In this case the union could well have answered the company’s charge that names would be disclosed, by sending out another letter directly promising that no names would be disclosed.
The employer’s constitutional right of free speech, also guaranteed under Section 8(c), should not be so easily restricted. Rather, it is up to the participants in a campaign to find and counteract any statements that they deem in*207accurate or misleading. Read against a history which involves no prior showing of anti-union activity or animus by the company and which contains absolutely no evidence of such activity in the present campaign, the letter cannot be said to amount to substantial, or even any, evidence of a threat.

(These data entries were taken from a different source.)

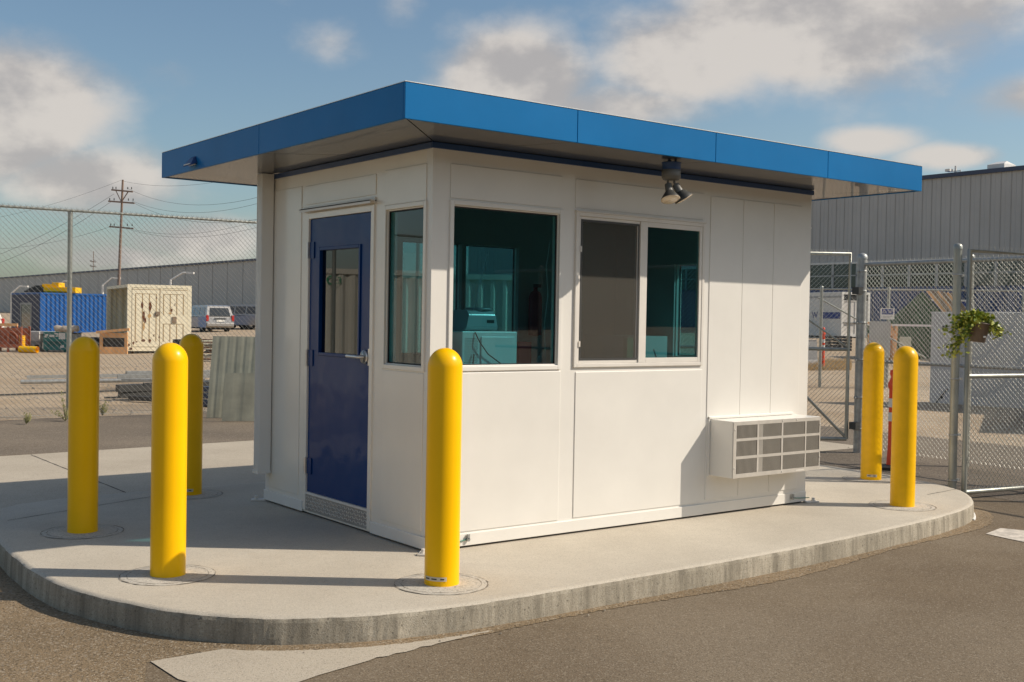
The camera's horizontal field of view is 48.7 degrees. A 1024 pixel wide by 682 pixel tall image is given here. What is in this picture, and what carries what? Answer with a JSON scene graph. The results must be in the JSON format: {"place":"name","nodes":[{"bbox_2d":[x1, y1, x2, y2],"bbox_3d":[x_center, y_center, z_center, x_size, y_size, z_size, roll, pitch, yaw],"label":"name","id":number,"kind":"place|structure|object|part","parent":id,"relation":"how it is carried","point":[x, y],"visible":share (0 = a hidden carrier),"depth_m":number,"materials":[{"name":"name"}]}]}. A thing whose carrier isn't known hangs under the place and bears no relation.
{"place":"outdoors","nodes":[
{"label":"outdoors","id":0,"kind":"place"},
{"bbox_2d":[18,346,38,352],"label":"pipe","id":1,"kind":"object","parent":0,"point":[22,349],"visible":0.92,"depth_m":42.86,"materials":[{"name":"yellow plastic"}]},
{"bbox_2d":[31,341,44,350],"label":"block","id":2,"kind":"structure","parent":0,"point":[40,343],"depth_m":45.01,"materials":[{"name":"grey"}]},
{"bbox_2d":[31,331,55,340],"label":"box","id":3,"kind":"object","parent":2,"relation":"on","point":[36,337],"visible":0.27,"depth_m":45.01,"materials":[{"name":"white"}]},
{"bbox_2d":[54,325,79,332],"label":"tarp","id":4,"kind":"object","parent":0,"point":[57,328],"visible":0.73,"depth_m":44.44,"materials":[{"name":"white plastic"}]},
{"bbox_2d":[72,332,81,341],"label":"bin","id":5,"kind":"object","parent":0,"point":[74,335],"visible":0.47,"depth_m":44.81,"materials":[{"name":"metal"}]},
{"bbox_2d":[90,337,104,346],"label":"crate","id":6,"kind":"object","parent":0,"point":[97,340],"visible":0.17,"depth_m":46.01,"materials":[{"name":"metal"}]},
{"bbox_2d":[0,567,197,681],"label":"asphalt road","id":7,"kind":"structure","parent":0,"point":[40,641],"depth_m":5.46,"materials":[{"name":"grey asphalt"}]},
{"bbox_2d":[0,412,253,455],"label":"road","id":8,"kind":"structure","parent":0,"point":[33,436],"depth_m":15.20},
{"bbox_2d":[23,412,31,423],"bbox_3d":[-6.929,1.099,16.188,0.115,0.177,0.157,1,1,-20],"label":"weed","id":9,"kind":"object","parent":8,"relation":"on","point":[27,418],"visible":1,"depth_m":16.16,"materials":[{"name":"green plant"}]},
{"bbox_2d":[50,390,67,420],"bbox_3d":[-6.591,0.961,16.716,0.324,0.445,0.383,2,2,40],"label":"weed","id":10,"kind":"object","parent":8,"relation":"on","point":[65,414],"visible":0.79,"depth_m":16.70,"materials":[{"name":"plant"}]},
{"bbox_2d":[99,401,108,415],"bbox_3d":[-6.375,1.048,17.663,0.168,0.241,0.176,1,1,3],"label":"weed","id":11,"kind":"object","parent":8,"relation":"on","point":[103,408],"visible":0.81,"depth_m":17.64,"materials":[{"name":"plant"}]},
{"bbox_2d":[206,336,254,417],"bbox_3d":[-4.175,0.567,17.637,1.139,1.280,0.022,1,7,-8],"label":"metal sheet","id":12,"kind":"object","parent":8,"relation":"on","point":[232,354],"visible":0.33,"depth_m":17.58,"materials":[{"name":"grey metal"}]},
{"bbox_2d":[222,373,254,420],"bbox_3d":[-3.907,0.852,17.145,0.957,0.740,0.020,1,9,-8],"label":"metal sheet","id":13,"kind":"object","parent":8,"relation":"on","point":[238,397],"visible":0.44,"depth_m":17.11,"materials":[{"name":"grey metal"}]},
{"bbox_2d":[202,339,212,359],"bbox_3d":[-10.287,0.295,38.384,1.069,0.715,0.804,1,1,0],"label":"scrap pile","id":14,"kind":"object","parent":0,"point":[208,350],"visible":0.3,"depth_m":38.32,"materials":[{"name":"grey metal"}]},
{"bbox_2d":[151,630,488,681],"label":"pavement","id":15,"kind":"structure","parent":0,"point":[225,665],"depth_m":5.29,"materials":[{"name":"concrete"}]},
{"bbox_2d":[0,440,953,519],"bbox_3d":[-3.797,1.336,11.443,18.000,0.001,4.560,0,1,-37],"label":"pavement","id":16,"kind":"structure","parent":0,"point":[29,478],"depth_m":11.57,"materials":[{"name":"concrete"}]},
{"bbox_2d":[0,465,973,644],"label":"pavement","id":17,"kind":"structure","parent":0,"point":[284,575],"depth_m":6.96,"materials":[{"name":"concrete"}]},
{"bbox_2d":[40,336,123,538],"bbox_3d":[-2.888,0.628,7.631,0.537,1.320,0.528,0,1,-37],"label":"bollard","id":18,"kind":"object","parent":17,"relation":"on","point":[83,435],"visible":1,"depth_m":7.55,"materials":[{"name":"yellow plastic"}]},
{"bbox_2d":[119,343,215,585],"bbox_3d":[-1.943,0.668,6.414,0.528,1.320,0.537,1,1,-10],"label":"bollard","id":19,"kind":"object","parent":17,"relation":"on","point":[168,566],"visible":1,"depth_m":6.33,"materials":[{"name":"metal"}]},
{"bbox_2d":[179,334,222,498],"bbox_3d":[-2.637,0.599,9.284,0.537,1.320,0.528,1,1,17],"label":"bollard","id":20,"kind":"object","parent":17,"relation":"on","point":[192,345],"visible":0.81,"depth_m":9.21,"materials":[{"name":"metal"}]},
{"bbox_2d":[394,348,487,594],"bbox_3d":[-0.381,0.698,6.314,0.528,1.320,0.537,2,2,44],"label":"bollard","id":21,"kind":"object","parent":17,"relation":"on","point":[441,575],"visible":1,"depth_m":6.23,"materials":[{"name":"metal"}]},
{"bbox_2d":[162,80,921,555],"bbox_3d":[0.203,-0.090,9.264,5.025,2.795,3.754,0,1,-37],"label":"guard booth","id":22,"kind":"object","parent":17,"relation":"on","point":[612,310],"visible":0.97,"depth_m":7.99,"materials":[{"name":"white metal"}]},
{"bbox_2d":[303,212,370,510],"bbox_3d":[-1.259,0.131,8.091,0.124,2.045,0.934,0,1,-37],"label":"door","id":23,"kind":"structure","parent":22,"relation":"in","point":[337,356],"depth_m":8.10,"materials":[{"name":"blue metal"}]},
{"bbox_2d":[381,200,427,371],"bbox_3d":[-0.682,-0.353,7.393,0.072,1.087,0.523,0,1,-37],"label":"window","id":24,"kind":"structure","parent":22,"relation":"in","point":[405,236],"depth_m":7.42,"materials":[{"name":"glass"}]},
{"bbox_2d":[447,199,563,370],"bbox_3d":[-0.047,-0.353,7.507,0.935,1.094,0.072,0,1,-37],"label":"window","id":25,"kind":"structure","parent":22,"relation":"in","point":[505,279],"depth_m":7.51,"materials":[{"name":"glass"}]},
{"bbox_2d":[573,210,706,366],"bbox_3d":[0.939,-0.360,8.232,1.298,1.088,0.052,0,1,-37],"label":"sliding window","id":26,"kind":"structure","parent":22,"relation":"in","point":[639,281],"depth_m":8.20,"materials":[{"name":"white metal"}]},
{"bbox_2d":[842,342,889,482],"bbox_3d":[3.468,0.672,10.889,0.528,1.320,0.537,1,1,-19],"label":"bollard","id":27,"kind":"object","parent":17,"relation":"on","point":[872,413],"visible":0.98,"depth_m":10.81,"materials":[{"name":"metal"}]},
{"bbox_2d":[868,346,936,510],"bbox_3d":[3.228,0.700,9.319,0.537,1.320,0.528,1,1,8],"label":"bollard","id":28,"kind":"object","parent":17,"relation":"on","point":[904,428],"visible":1,"depth_m":9.24,"materials":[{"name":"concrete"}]},
{"bbox_2d":[0,312,1023,446],"bbox_3d":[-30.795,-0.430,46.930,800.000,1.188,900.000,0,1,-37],"label":"ground","id":29,"kind":"structure","parent":0,"point":[134,360],"depth_m":23.00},
{"bbox_2d":[0,323,30,351],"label":"cage pallet","id":30,"kind":"object","parent":29,"relation":"on","point":[24,331],"visible":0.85,"depth_m":43.58,"materials":[{"name":"metal"}]},
{"bbox_2d":[3,331,25,345],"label":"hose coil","id":31,"kind":"object","parent":30,"relation":"in","point":[14,334],"visible":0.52,"depth_m":44.09,"materials":[{"name":"rubber"}]},
{"bbox_2d":[10,285,28,322],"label":"street lamp","id":32,"kind":"object","parent":29,"relation":"on","point":[13,291],"visible":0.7,"depth_m":99.87,"materials":[{"name":"white metal"}]},
{"bbox_2d":[43,332,66,351],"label":"dumpster","id":33,"kind":"object","parent":29,"relation":"on","point":[48,342],"visible":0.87,"depth_m":44.51,"materials":[{"name":"teal paint"}]},
{"bbox_2d":[11,292,106,332],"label":"shipping container","id":34,"kind":"object","parent":29,"relation":"on","point":[87,323],"visible":0.52,"depth_m":74.64,"materials":[{"name":"blue metal"}]},
{"bbox_2d":[24,285,43,291],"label":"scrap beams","id":35,"kind":"structure","parent":34,"relation":"on","point":[34,288],"depth_m":75.10,"materials":[{"name":"metal"}]},
{"bbox_2d":[42,282,81,292],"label":"chute","id":36,"kind":"object","parent":34,"relation":"on","point":[57,289],"visible":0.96,"depth_m":74.10,"materials":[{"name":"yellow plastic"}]},
{"bbox_2d":[0,381,208,401],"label":"steel beams","id":37,"kind":"structure","parent":29,"relation":"on","point":[138,395],"depth_m":20.93,"materials":[{"name":"metal"}]},
{"bbox_2d":[101,277,117,293],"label":"street lamp","id":38,"kind":"object","parent":29,"relation":"on","point":[102,288],"visible":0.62,"depth_m":99.85,"materials":[{"name":"white metal"}]},
{"bbox_2d":[20,370,209,383],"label":"steel pipes","id":39,"kind":"object","parent":29,"relation":"on","point":[144,376],"visible":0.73,"depth_m":23.91,"materials":[{"name":"grey metal"}]},
{"bbox_2d":[96,328,134,353],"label":"timber crate","id":40,"kind":"object","parent":29,"relation":"on","point":[119,345],"visible":0.75,"depth_m":43.58,"materials":[{"name":"wood"}]},
{"bbox_2d":[108,180,134,284],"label":"utility pole","id":41,"kind":"object","parent":29,"relation":"on","point":[122,190],"visible":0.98,"depth_m":84.74,"materials":[{"name":"wood"}]},
{"bbox_2d":[0,203,108,262],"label":"power line","id":42,"kind":"object","parent":41,"relation":"attached to","point":[53,237],"visible":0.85,"depth_m":95.81,"materials":[{"name":"grey"}]},
{"bbox_2d":[133,201,253,212],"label":"power line","id":43,"kind":"object","parent":41,"relation":"attached to","point":[199,212],"visible":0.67,"depth_m":71.25,"materials":[{"name":"grey"}]},
{"bbox_2d":[136,192,256,204],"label":"power line","id":44,"kind":"object","parent":41,"relation":"attached to","point":[188,204],"visible":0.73,"depth_m":67.20,"materials":[{"name":"grey"}]},
{"bbox_2d":[0,258,255,311],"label":"warehouse","id":45,"kind":"structure","parent":29,"relation":"on","point":[197,287],"depth_m":157.60,"materials":[{"name":"grey metal"}]},
{"bbox_2d":[0,203,256,419],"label":"chain link fence","id":46,"kind":"object","parent":29,"relation":"on","point":[70,245],"visible":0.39,"depth_m":17.30,"materials":[{"name":"silver metal"}]},
{"bbox_2d":[106,284,191,350],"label":"shipping container","id":47,"kind":"object","parent":29,"relation":"on","point":[177,324],"visible":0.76,"depth_m":44.59,"materials":[{"name":"beige metal"}]},
{"bbox_2d":[132,288,186,346],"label":"door","id":48,"kind":"structure","parent":47,"relation":"in","point":[181,319],"depth_m":44.49,"materials":[{"name":"beige paint"}]},
{"bbox_2d":[169,272,193,284],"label":"street lamp","id":49,"kind":"object","parent":29,"relation":"on","point":[170,281],"visible":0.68,"depth_m":87.85,"materials":[{"name":"white metal"}]},
{"bbox_2d":[203,386,208,405],"bbox_3d":[-5.253,0.963,19.820,0.450,0.320,0.300,1,1,0],"label":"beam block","id":50,"kind":"object","parent":29,"relation":"on","point":[205,388],"depth_m":19.72,"materials":[{"name":"grey metal"}]},
{"bbox_2d":[191,305,233,331],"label":"minivan","id":51,"kind":"object","parent":29,"relation":"on","point":[211,320],"visible":0.72,"depth_m":74.74,"materials":[{"name":"silver metal"}]},
{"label":"side window","id":52,"kind":"part","parent":51,"relation":"part of","materials":[{"name":"grey glass"}]},
{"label":"rear window","id":53,"kind":"part","parent":51,"relation":"part of","materials":[{"name":"black glass"}]},
{"bbox_2d":[229,304,255,328],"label":"parked car","id":54,"kind":"object","parent":29,"relation":"on","point":[240,308],"visible":0.25,"depth_m":80.68,"materials":[{"name":"silver metal"}]},
{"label":"side window","id":55,"kind":"part","parent":54,"relation":"part of","materials":[{"name":"black glass"}]},
{"bbox_2d":[0,363,1023,652],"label":"gravel","id":56,"kind":"structure","parent":29,"relation":"on","point":[206,411],"depth_m":18.50,"materials":[{"name":"grey gravel"}]},
{"bbox_2d":[808,339,817,365],"bbox_3d":[8.982,0.355,34.349,0.460,0.800,0.600,1,1,-10],"label":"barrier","id":57,"kind":"object","parent":29,"relation":"on","point":[814,358],"visible":0.39,"depth_m":34.22,"materials":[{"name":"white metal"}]},
{"bbox_2d":[822,327,825,366],"bbox_3d":[9.071,0.194,33.010,0.370,1.200,0.370,2,1,30],"label":"traffic post","id":58,"kind":"object","parent":29,"relation":"on","point":[823,345],"visible":0.39,"depth_m":32.97,"materials":[{"name":"red plastic"}]},
{"bbox_2d":[825,336,851,350],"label":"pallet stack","id":59,"kind":"object","parent":29,"relation":"on","point":[837,343],"visible":0.51,"depth_m":44.01,"materials":[{"name":"wood"}]},
{"bbox_2d":[809,292,869,337],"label":"box truck","id":60,"kind":"object","parent":29,"relation":"on","point":[836,319],"visible":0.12,"depth_m":58.51,"materials":[{"name":"white metal"}]},
{"bbox_2d":[869,321,890,387],"bbox_3d":[8.309,0.329,25.615,0.472,1.550,0.060,1,1,0],"label":"board","id":61,"kind":"object","parent":29,"relation":"on","point":[885,333],"visible":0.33,"depth_m":25.58,"materials":[{"name":"grey wood"}]},
{"bbox_2d":[808,286,1023,386],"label":"chain link fence","id":62,"kind":"object","parent":29,"relation":"on","point":[888,289],"visible":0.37,"depth_m":25.99,"materials":[{"name":"silver metal"}]},
{"bbox_2d":[880,308,894,318],"bbox_3d":[8.521,-0.616,25.694,0.316,0.250,0.017,1,1,0],"label":"sign","id":63,"kind":"object","parent":62,"relation":"attached to","point":[886,313],"visible":0.71,"depth_m":25.69,"materials":[{"name":"white metal"}]},
{"bbox_2d":[810,161,1023,320],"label":"warehouse","id":64,"kind":"structure","parent":29,"relation":"on","point":[939,215],"depth_m":65.53,"materials":[{"name":"grey metal"}]},
{"bbox_2d":[890,291,965,324],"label":"timber boards","id":65,"kind":"object","parent":29,"relation":"on","point":[924,306],"visible":0.2,"depth_m":38.73,"materials":[{"name":"brown wood"}]},
{"bbox_2d":[932,300,974,311],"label":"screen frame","id":66,"kind":"object","parent":29,"relation":"on","point":[963,302],"visible":0.03,"depth_m":43.96,"materials":[{"name":"white metal"}]},
{"bbox_2d":[930,312,1023,408],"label":"wall panel","id":67,"kind":"structure","parent":29,"relation":"on","point":[938,358],"depth_m":21.35,"materials":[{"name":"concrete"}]},
{"bbox_2d":[0,0,1023,276],"label":"sky","id":68,"kind":"structure","parent":0,"point":[93,93],"materials":[{"name":"blue"}]},
{"bbox_2d":[2,449,1023,681],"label":"driveway","id":69,"kind":"structure","parent":0,"point":[948,609],"depth_m":5.92,"materials":[{"name":"grey asphalt"}]},
{"bbox_2d":[849,253,1023,468],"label":"chain link fence","id":70,"kind":"object","parent":69,"relation":"on","point":[860,289],"visible":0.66,"depth_m":13.57,"materials":[{"name":"silver metal"}]},
{"bbox_2d":[807,249,851,440],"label":"gate","id":71,"kind":"structure","parent":70,"relation":"attached to","point":[846,397],"depth_m":14.36,"materials":[{"name":"silver metal"}]},
{"bbox_2d":[947,243,964,488],"bbox_3d":[4.204,0.294,10.696,0.153,2.430,0.085,0,1,-37],"label":"gate post","id":72,"kind":"object","parent":69,"relation":"on","point":[952,479],"visible":0.84,"depth_m":10.65,"materials":[{"name":"grey metal"}]},
{"bbox_2d":[937,277,1011,359],"bbox_3d":[4.195,-0.231,10.160,0.564,0.824,0.888,2,1,34],"label":"hanging plant","id":73,"kind":"object","parent":72,"relation":"hanging from","point":[977,325],"visible":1,"depth_m":9.91,"materials":[{"name":"green plant"}]},
{"bbox_2d":[961,245,1023,494],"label":"gate","id":74,"kind":"structure","parent":72,"relation":"attached to","point":[966,405],"depth_m":10.78,"materials":[{"name":"silver metal"}]},
{"bbox_2d":[986,528,1023,541],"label":"road marking","id":75,"kind":"structure","parent":69,"relation":"on","point":[1015,534],"depth_m":8.92,"materials":[{"name":"paint"}]},
{"bbox_2d":[54,505,993,651],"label":"path","id":76,"kind":"structure","parent":0,"point":[984,516],"depth_m":6.05,"materials":[{"name":"concrete"}]},
{"bbox_2d":[808,357,851,370],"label":"dry grass","id":77,"kind":"structure","parent":0,"point":[835,361],"depth_m":32.84,"materials":[{"name":"beige plant"}]},
{"bbox_2d":[867,322,896,359],"bbox_3d":[11.837,0.036,36.257,0.753,1.280,0.620,1,1,0],"label":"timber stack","id":78,"kind":"object","parent":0,"point":[892,335],"visible":0.25,"depth_m":36.12,"materials":[{"name":"brown wood"}]},
{"bbox_2d":[867,324,930,358],"bbox_3d":[13.877,0.014,38.947,2.700,1.170,2.140,1,1,-5],"label":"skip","id":79,"kind":"object","parent":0,"point":[916,330],"visible":0.28,"depth_m":37.96,"materials":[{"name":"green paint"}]},
{"bbox_2d":[820,426,1023,502],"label":"road","id":80,"kind":"structure","parent":0,"point":[930,466],"depth_m":13.43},
{"bbox_2d":[882,370,892,470],"bbox_3d":[4.311,0.884,12.810,0.370,1.130,0.370,1,1,-15],"label":"traffic post","id":81,"kind":"object","parent":80,"relation":"on","point":[887,466],"visible":0.39,"depth_m":12.78,"materials":[{"name":"red plastic"}]}
]}

Furthermore, the complaint in this case, in addition to the charge with respect to the letter, charged the company with unfair labor practice in announcing an increase in
“* * * employees’ vacation benefits in order to cause employees to abandon or repudiate their union activities, sympathies and membership.”
Referring to this, the Trial Examiner said:
“The General Counsel appears to contend that the timing of the events and the intertwining of the commencement of the increased benefits with the Respondent’s message [letter] of opposition to the union supports an affirmative finding of the above issues.”
The trouble with this contention of timing and intertwining was that the Trial Examiner then proceeded to find that there was no basis for the charge with respect to the increased benefits, and he rejected it. Hence, the two charges thereby became disentangled and the first one was deprived of the support of the second. All that was left was the bare, unsupported letter which, as we have shown, provides no foundation for the inference which the Trial Examiner drew.
Finally, the Seventh Circuit in N. L. R. B. v. Sparton Mfg. Co., 355 F.2d 523 (7th Cir. 1966) held that exactly the same language, used in a speech by the employer’s general manager, did not constitute a threat of reprisal. The case at bar is much stronger than Sparton because in that case the decision of the Board involved the evaluation of spoken words and reactions of various listeners. There, testimony as to the surrounding circumstances of the speech and the tone of its delivery might have been crucial to its characterization, while in this case the Court and the Board had exactly the same opportunity to view the sole piece of relevant evidence, the letter.
Considering the record as a whole, we are of the opinion that the Board’s order is not supported by substantial evidence. Enforcement is therefore denied.